[[ Source material open ]]
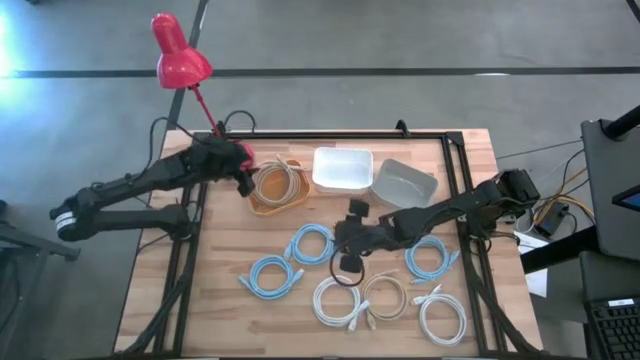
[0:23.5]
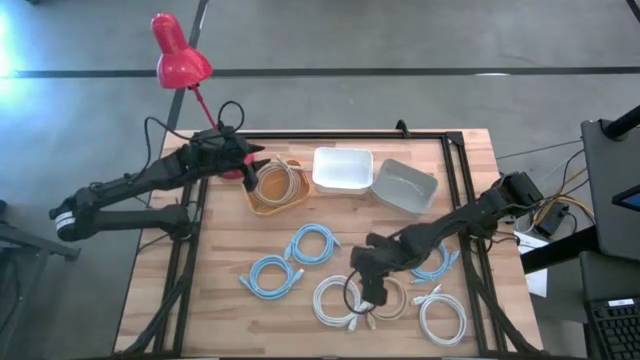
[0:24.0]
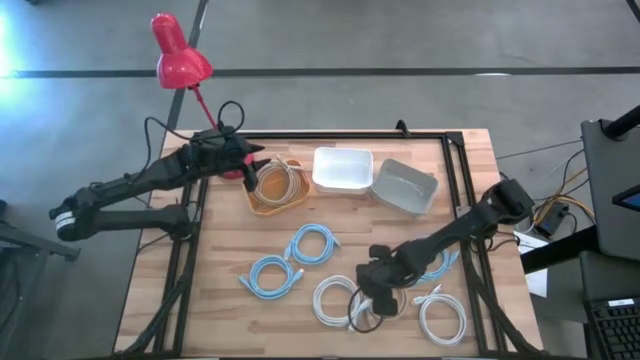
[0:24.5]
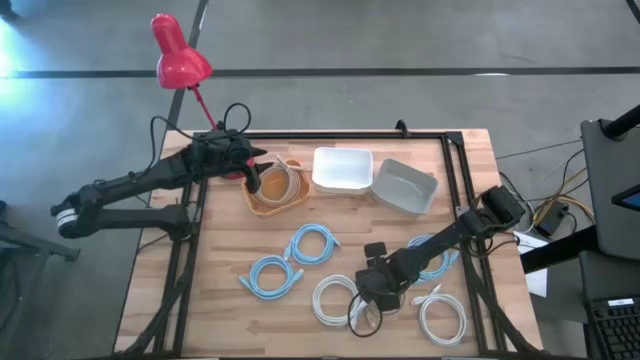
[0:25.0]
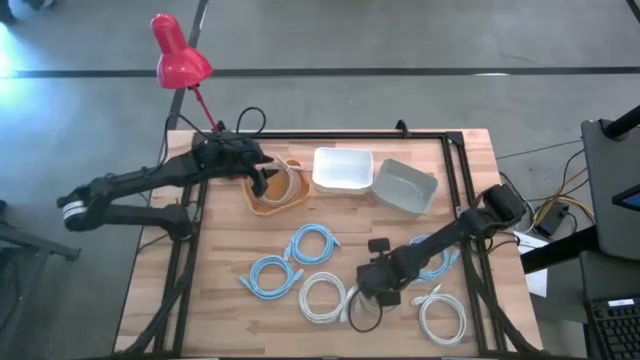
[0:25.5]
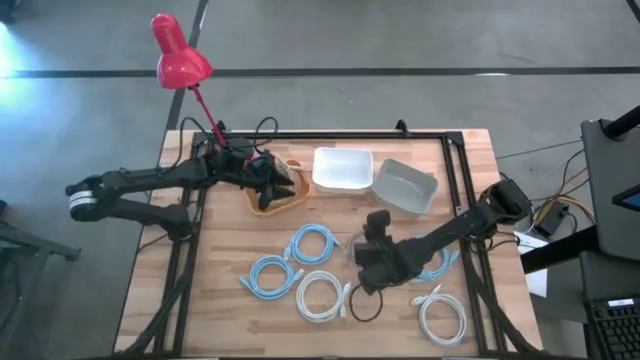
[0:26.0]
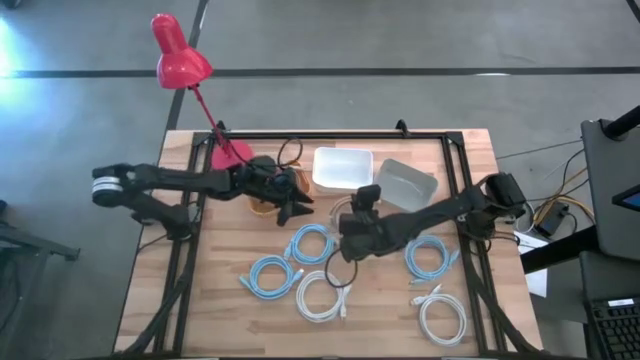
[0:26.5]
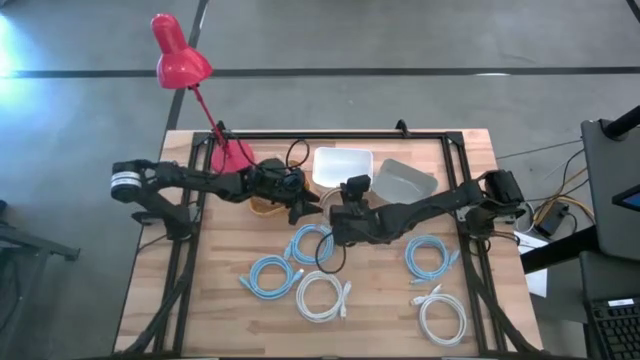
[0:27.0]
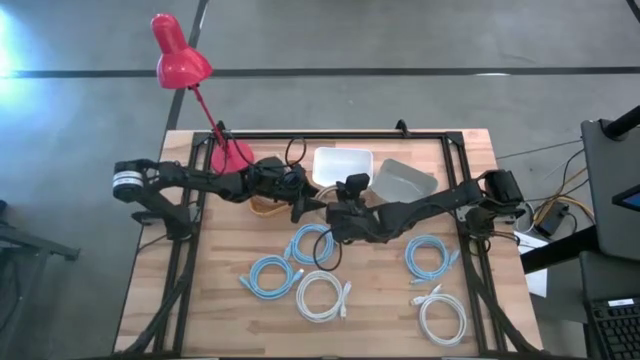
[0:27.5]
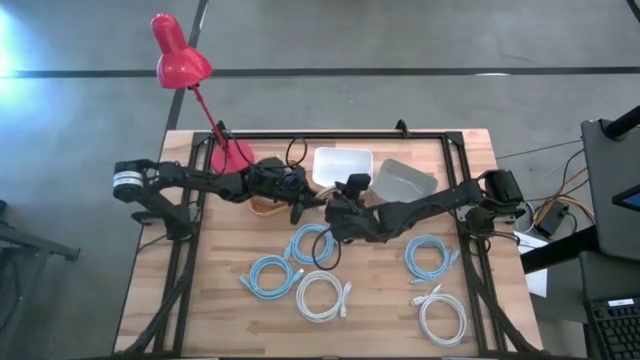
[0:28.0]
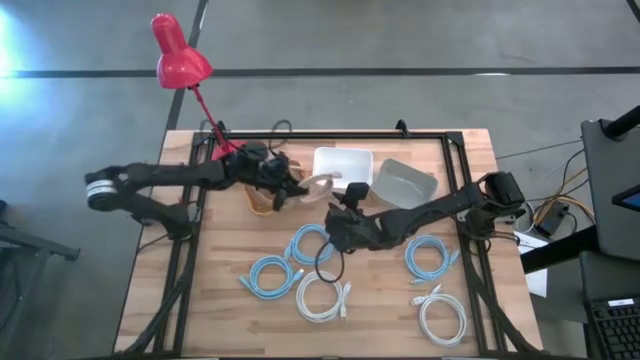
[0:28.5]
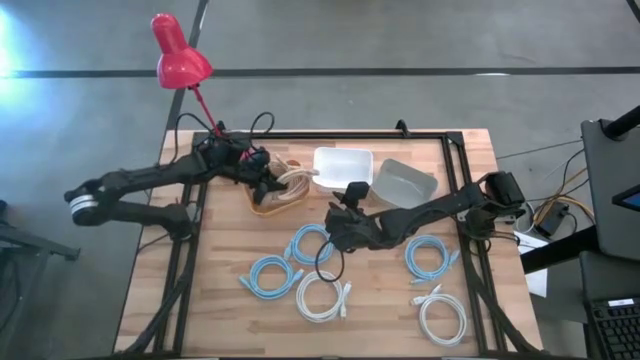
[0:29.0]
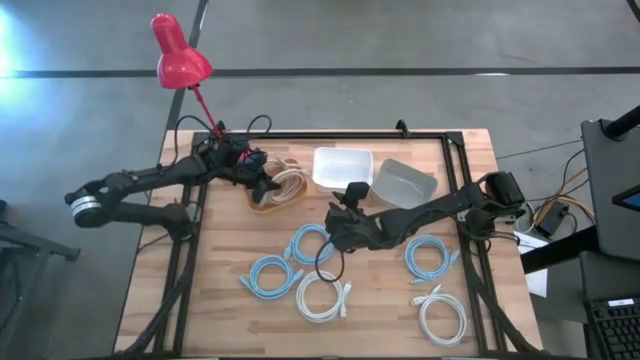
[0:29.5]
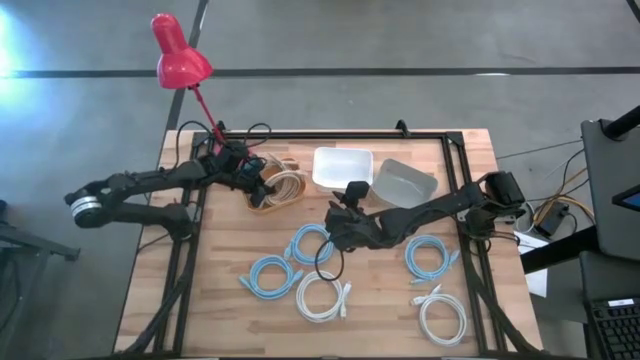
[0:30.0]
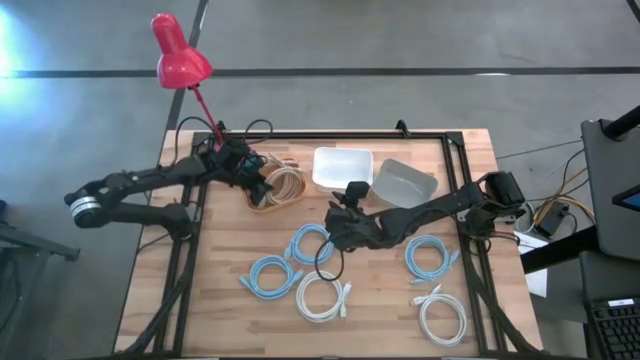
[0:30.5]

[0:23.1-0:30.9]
Task: Pick & Place USB Port
Put the brown usb cable into the yellow bin
[[ Source material closed ]]
• **Exercise details**:
Set down the full listing above with its wording unchanged. Leave out its images.

• **Solution for this problem**:
[0:23.5]
[0:24.0]
[0:24.5]
[0:25.0]
[0:25.5]
[0:26.0]
[0:26.5]
[0:27.0]
[0:27.5]
[0:28.0]
[0:28.5]
[0:29.0]
[0:29.5]
[0:30.0]
[0:30.5]

[0:23.1-0:30.9]
Task: Pick & Place USB Port
Put the brown usb cable into the yellow bin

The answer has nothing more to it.